On 2 October 1806, Diligente was seven leagues south of Cape Engana when she saw a sail. After a chase of some 20 hours, the winds were so calm that Hall sent his boats after the strange vessel. After another two hours the boats captured the French schooner Napoleon. Napoleon was armed with one long 9-pounder gun and had on board 14 crew and passengers. She was on the way from Samana to Santo Domingo to secure a letter of marque and a larger crew.

In October Diligent was renamed Prudente. It apparently took some time for news of the name change to diffuse fully. Lloyd's List reported that the brig Diligente detained the American schooner Polly, which was sailing from Havana to New Orleans, and sent her into Jamaica.

In September 1807 Prudent was renamed HMS Wolf. In March 1808 Lieutenant Edmund Waller replaced Hall.

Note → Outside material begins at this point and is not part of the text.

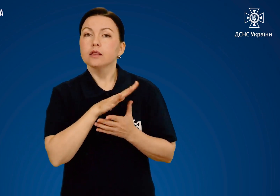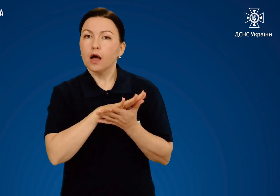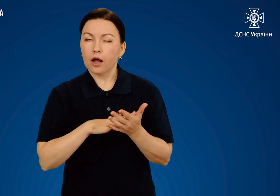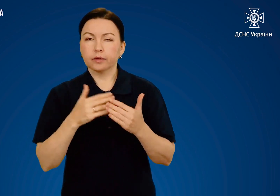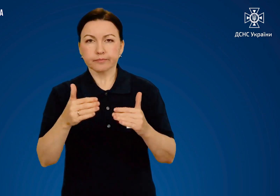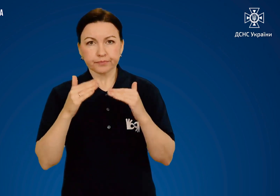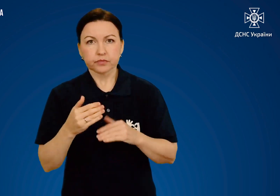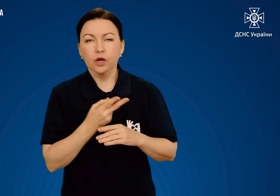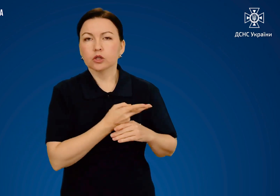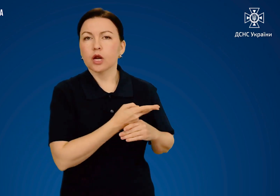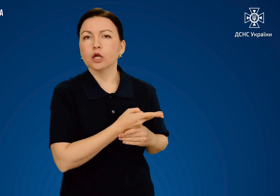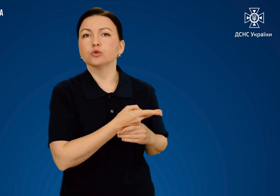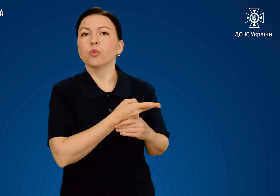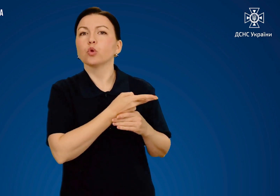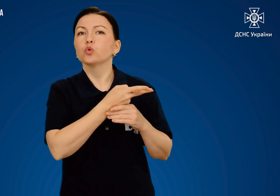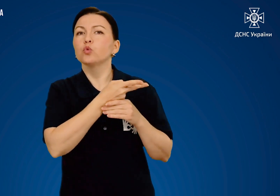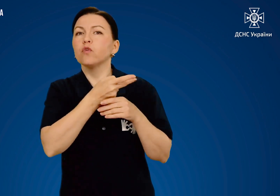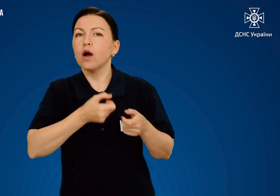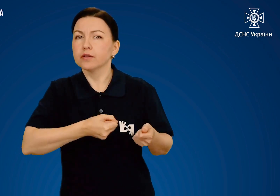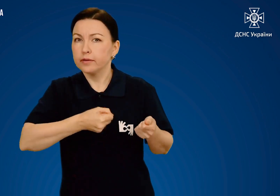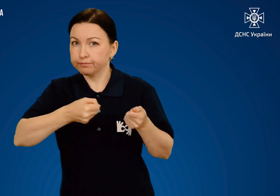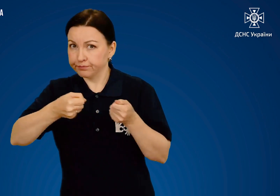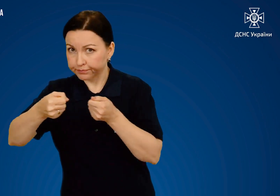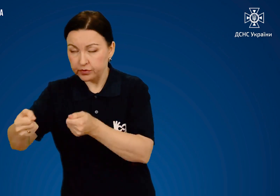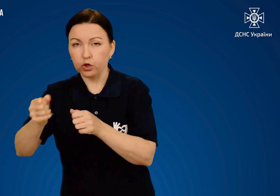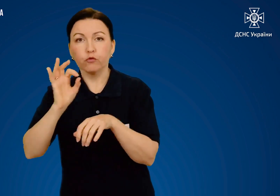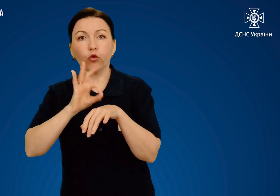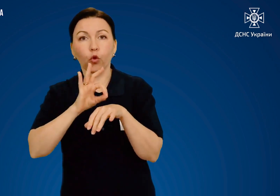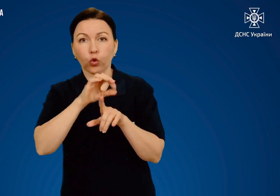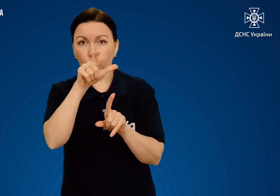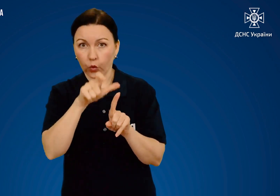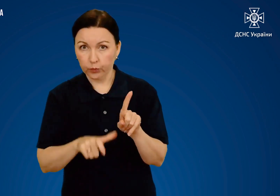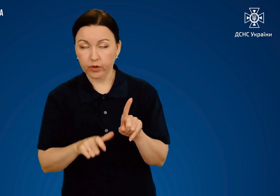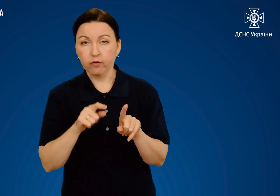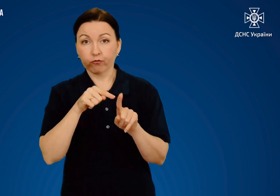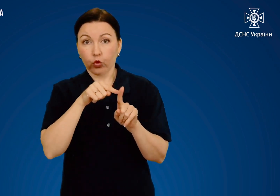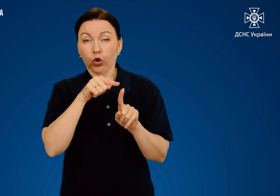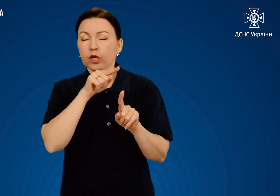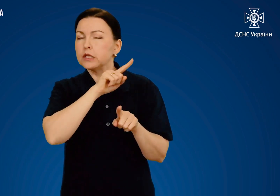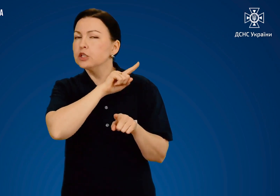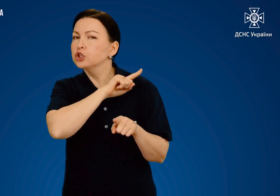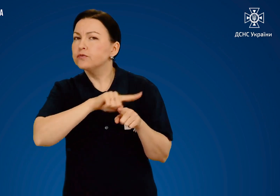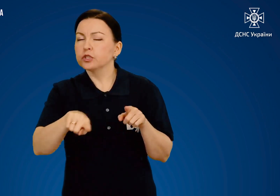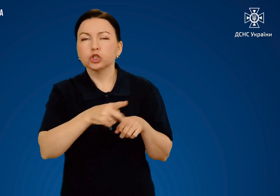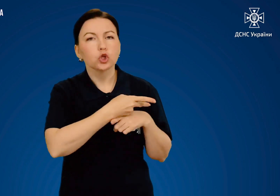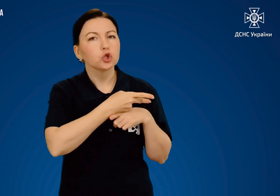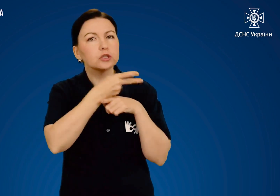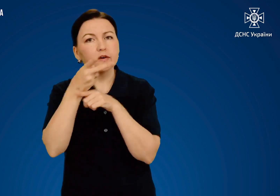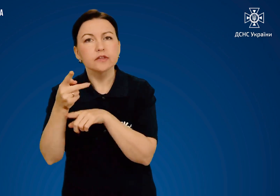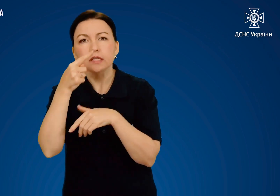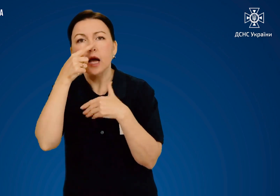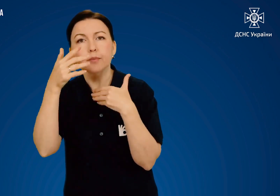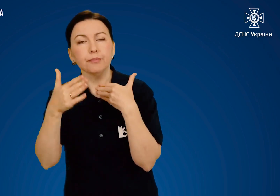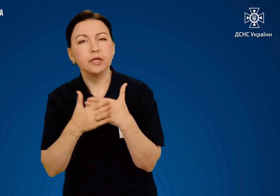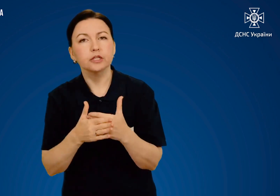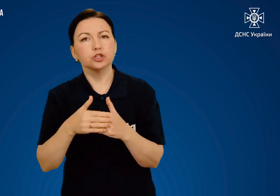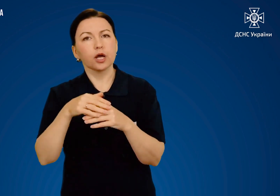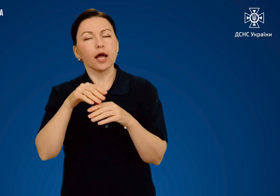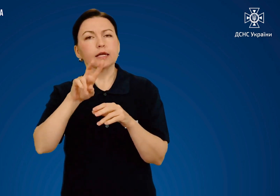Транспортування хворого Потерпілого потрібно якнайшвидше доставити в

On 1 May 1808, Wolf was escorting a convoy sailing from Jamaica to London when the convoy commander, Captain Sir Charles Brisbane, in , sent Waller to round up the slowest vessels. As Waller was doing so, he sighted a strange sail to the south-east, and immediately gave chase. After a chase of two hours, Wolf was able to capture the Spanish privateer schooner Braganza, Joseph Caudanio, captain, of one gun and 54 men. (Note: Subsequent prize money notices gave the privateer's name as Venganza.) She was 22 days out of Carthagena and had captured the Anne, one of the vessels in the convoy. After another chase, this of four hours, Wolf succeeded in recapturing the Anne. Wolf sent the recaptured Ann, Braugh, master, into the fleet.

==Fate==
Lieutenant Waller's promotion to Commander was confirmed on 20 July 1808. Wolf arrived at Plymouth on 21 July. She was paid off there and laid up. She was sold in June 1811.